(Collection entries)

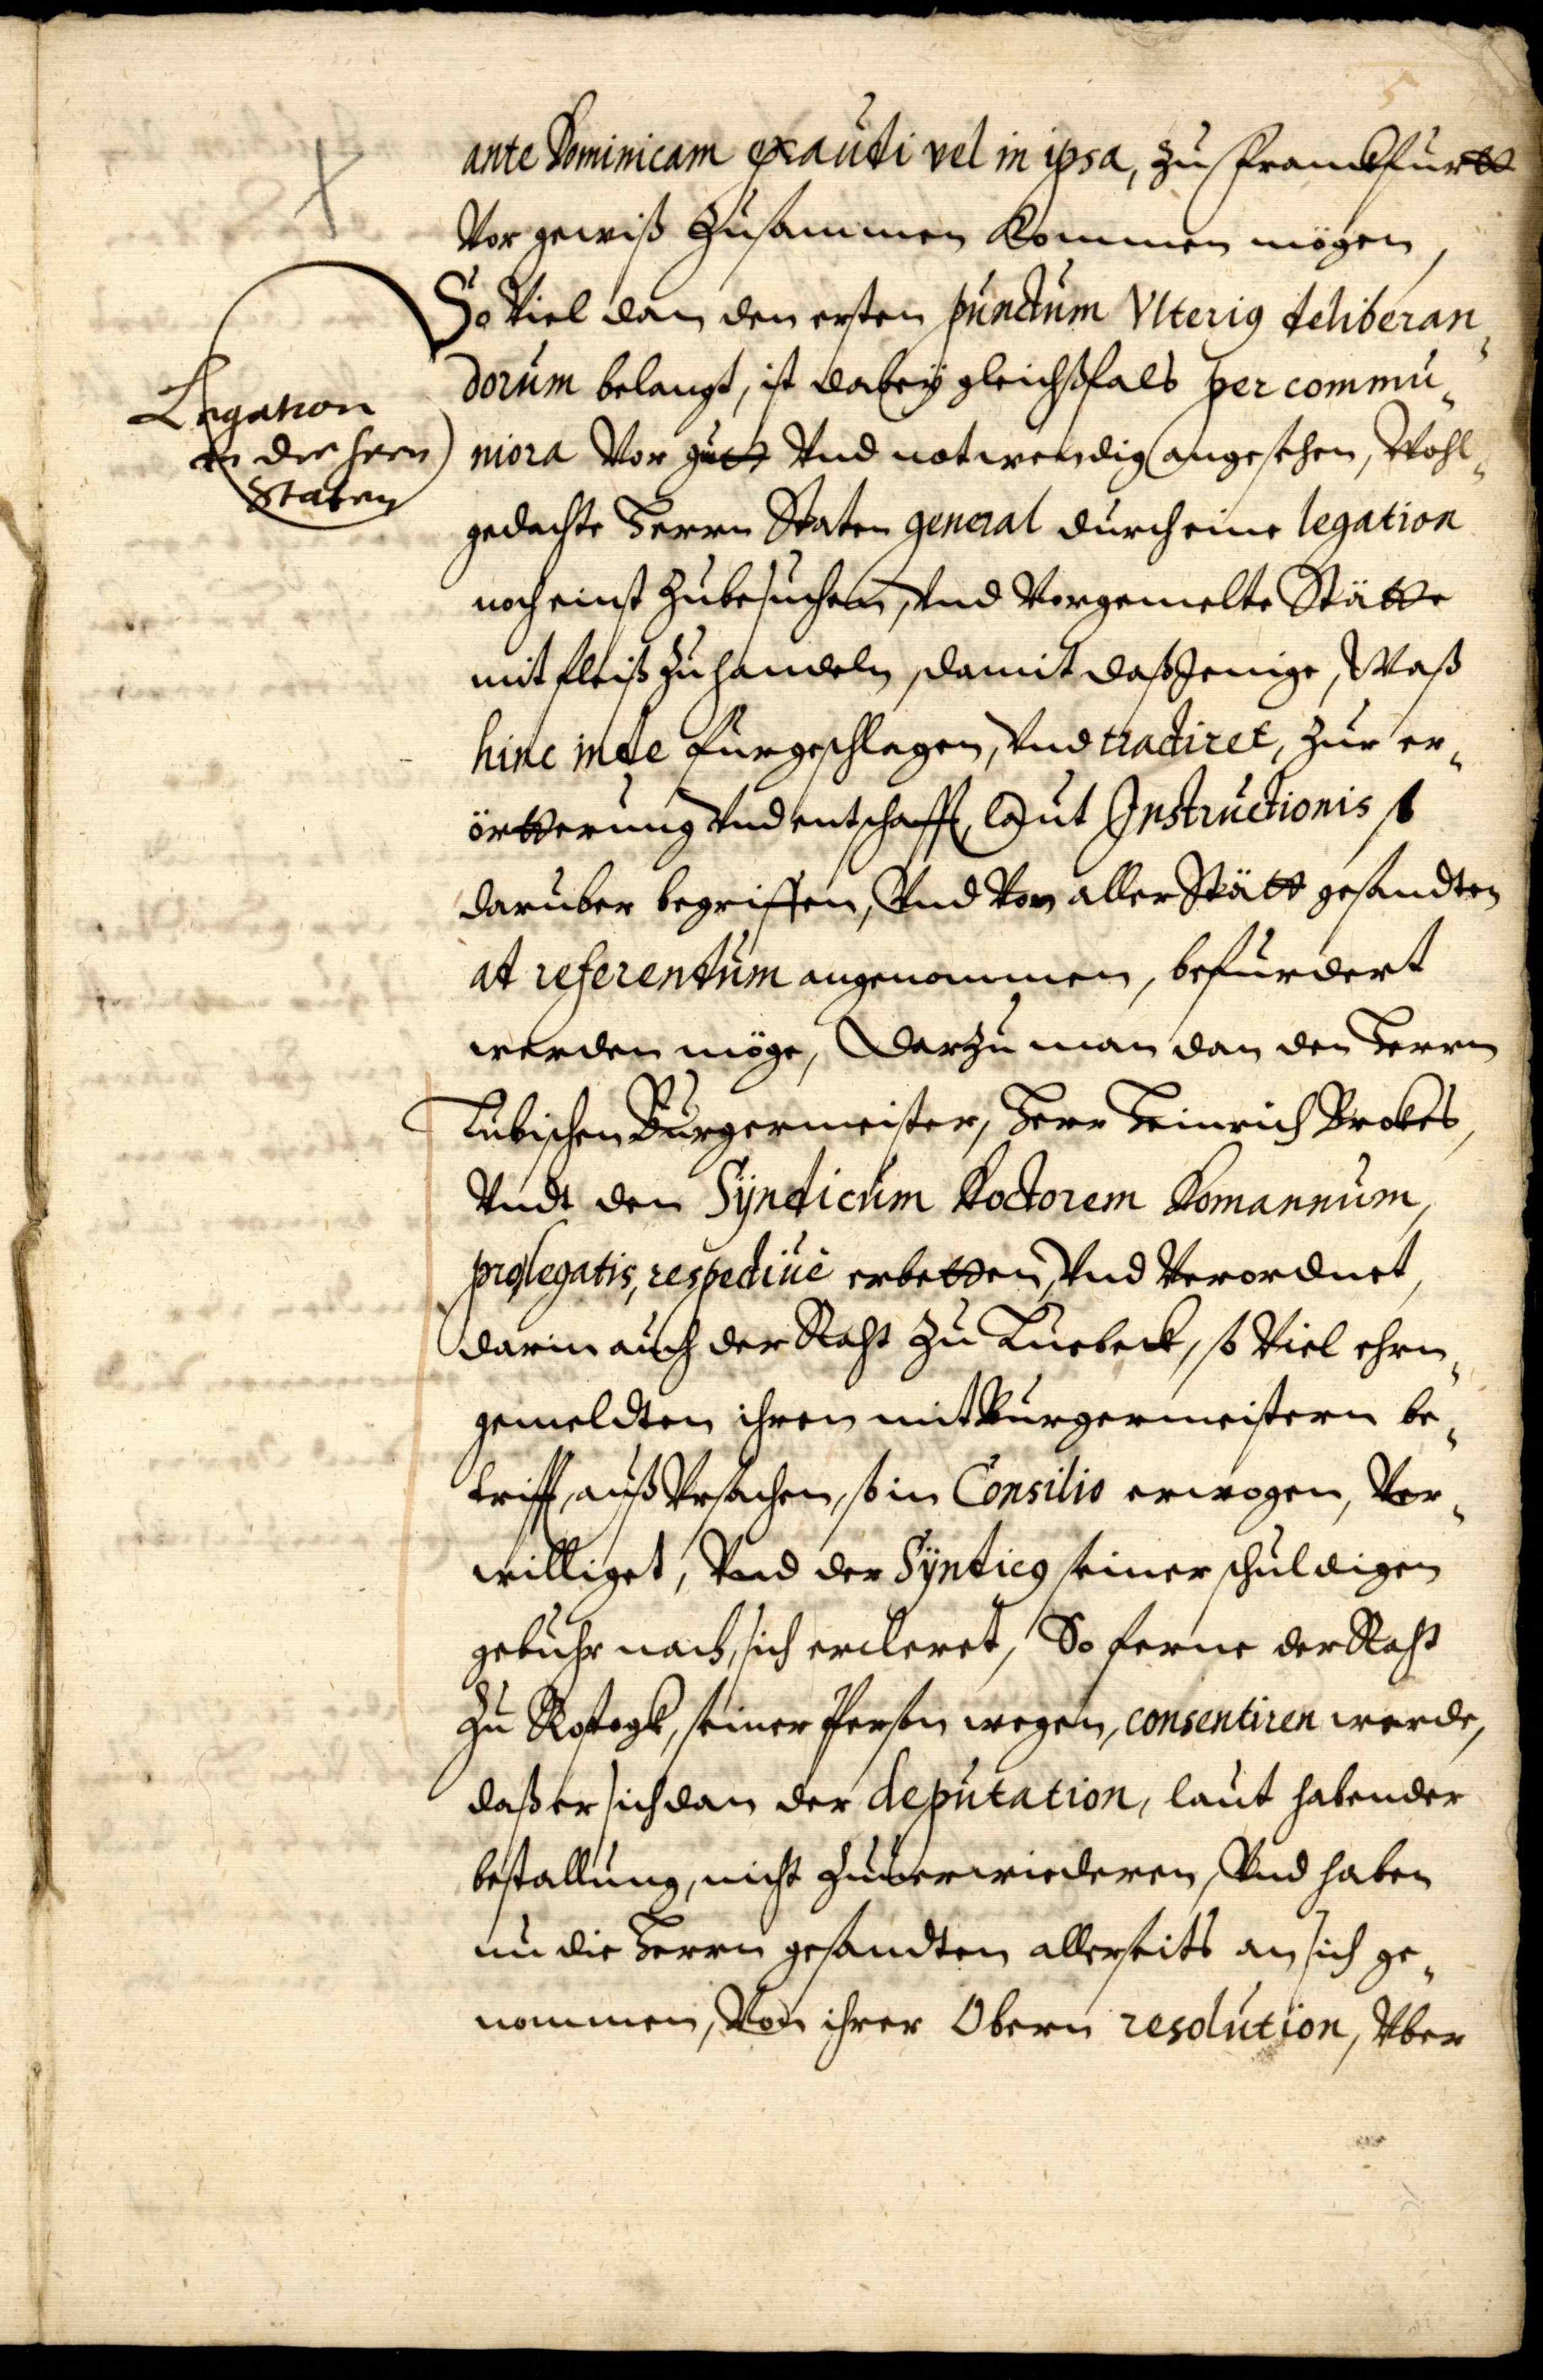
5
ante Dominicam exaudi vel in ipsa, zu Franckturtt
vor gewiß zusammen kommen mögen,
Legation
an den hern
Staten
So Viel dan den ersten punctum Vlterius deliberan¬
dorum belangt, ist dabeij gleichßfals per commu¬
niora Vor gutt Vnd notwendig angesehen, Wohl¬
gedachte herrn Staten general durch eine legation
noch einst zubesuchen, vnd vorgemelte Stätte
mit fleiß zu handeln, damit daßjenige, Waß
hinc inde furgeschlagen, Vnd tractiret, zur er¬
örtterung Vnd entschafft, laut Instructionis so
daruber begriffen, Vnd Von aller Stätt gesandten
ad referendum angenommen, befurdert
werden möge, Darzu man dan den herrn
Lubischen Burgermeister, hern Heinrich Brokes,
Vndt den Sijndicum Doctorem Domannum,
prolegatis, respectiue erbetten, Vnd Verordnet,
darin auch der Raht zu Luebeck, so Viel ehrn¬
gemeldten ihren mitburgermeistern be¬
trifft, auß Vrsachen, so in Consilio erwogen, vor¬
williget, Vnd der Sijndicus einer schuldigen
gebühr nach sich ercleret, So ferner der Raht
zu Rostogk, seiner Person wegen, consentiren werde,
daß er sich dan der deputation, laut habender
bestallung, nicht zuuerwiederen, Vnd haben
nu die herrn gesandten allerseits an sich ge¬
nommen, Von ihrer Obern resolution, Vber
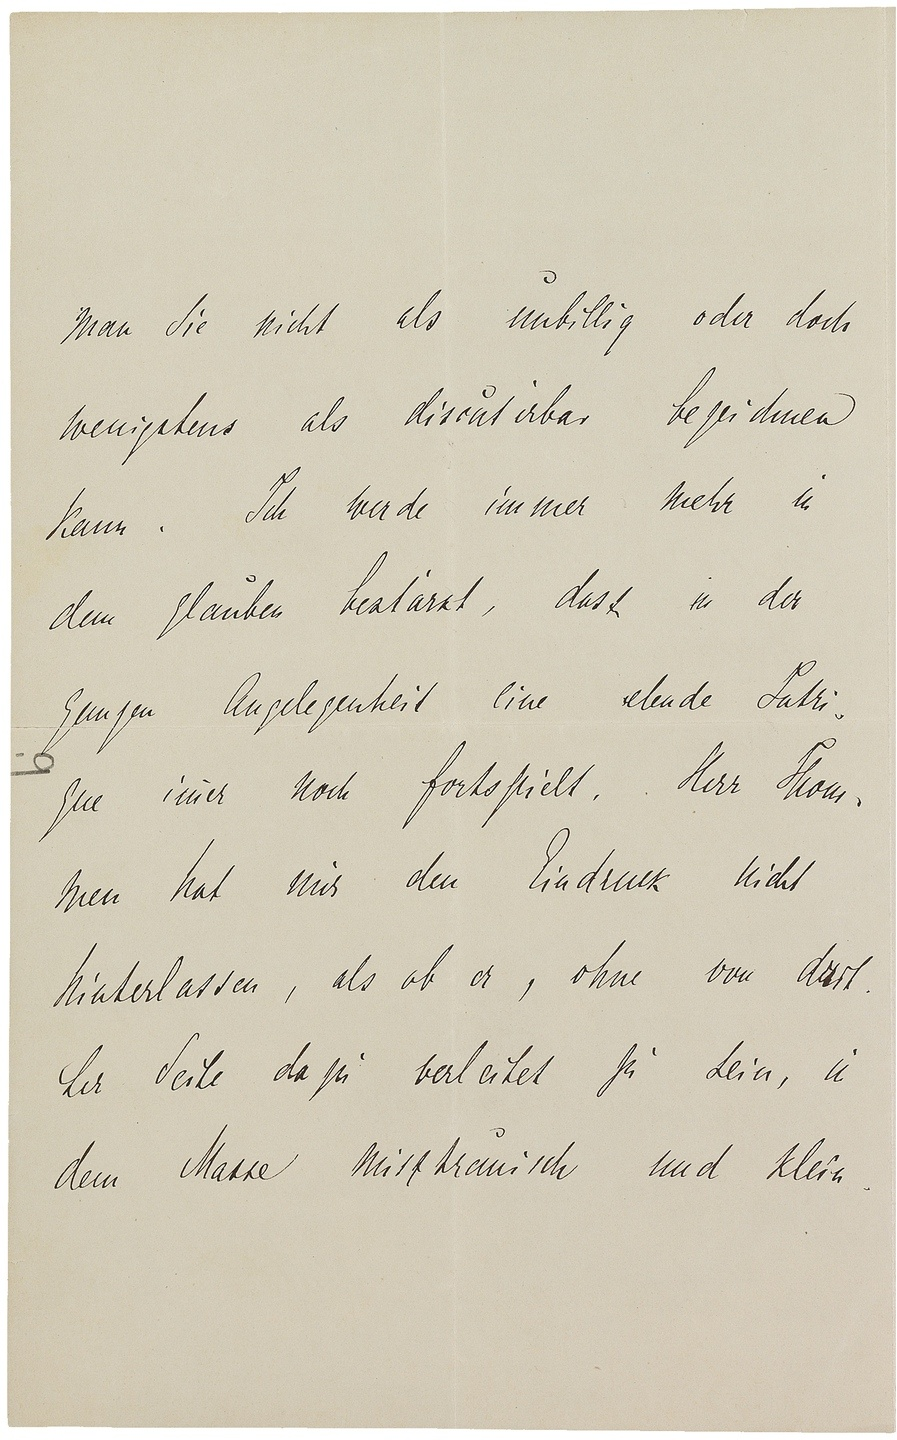man sie nicht als unbillig oder doch
wenigstens als discutirbar bezeichnen
kann. Ich werde immer mehr in
dem Glauben bestärkt, dass in der
ganzen Angelegenheit eine elende Intri-
gue immer noch fortspielt. Herr Thom-
men hat mir den Eindruck nicht
hinterlassen, als ob er, ohne von drit-
ter Seite dazu verleitet zu sein, in
Masse misstrauisch und klein-

_Task brief_
Include the first line of the records, the line containing "wenigstens als discutirbar bezeichnen", and every line between them, repeated exactly. Skip the pictures.

_Result for this exercise_
5
ante Dominicam exaudi vel in ipsa, zu Franckturtt
vor gewiß zusammen kommen mögen,
Legation
an den hern
Staten
So Viel dan den ersten punctum Vlterius deliberan¬
dorum belangt, ist dabeij gleichßfals per commu¬
niora Vor gutt Vnd notwendig angesehen, Wohl¬
gedachte herrn Staten general durch eine legation
noch einst zubesuchen, vnd vorgemelte Stätte
mit fleiß zu handeln, damit daßjenige, Waß
hinc inde furgeschlagen, Vnd tractiret, zur er¬
örtterung Vnd entschafft, laut Instructionis so
daruber begriffen, Vnd Von aller Stätt gesandten
ad referendum angenommen, befurdert
werden möge, Darzu man dan den herrn
Lubischen Burgermeister, hern Heinrich Brokes,
Vndt den Sijndicum Doctorem Domannum,
prolegatis, respectiue erbetten, Vnd Verordnet,
darin auch der Raht zu Luebeck, so Viel ehrn¬
gemeldten ihren mitburgermeistern be¬
trifft, auß Vrsachen, so in Consilio erwogen, vor¬
williget, Vnd der Sijndicus einer schuldigen
gebühr nach sich ercleret, So ferner der Raht
zu Rostogk, seiner Person wegen, consentiren werde,
daß er sich dan der deputation, laut habender
bestallung, nicht zuuerwiederen, Vnd haben
nu die herrn gesandten allerseits an sich ge¬
nommen, Von ihrer Obern resolution, Vber
man sie nicht als unbillig oder doch
wenigstens als discutirbar bezeichnen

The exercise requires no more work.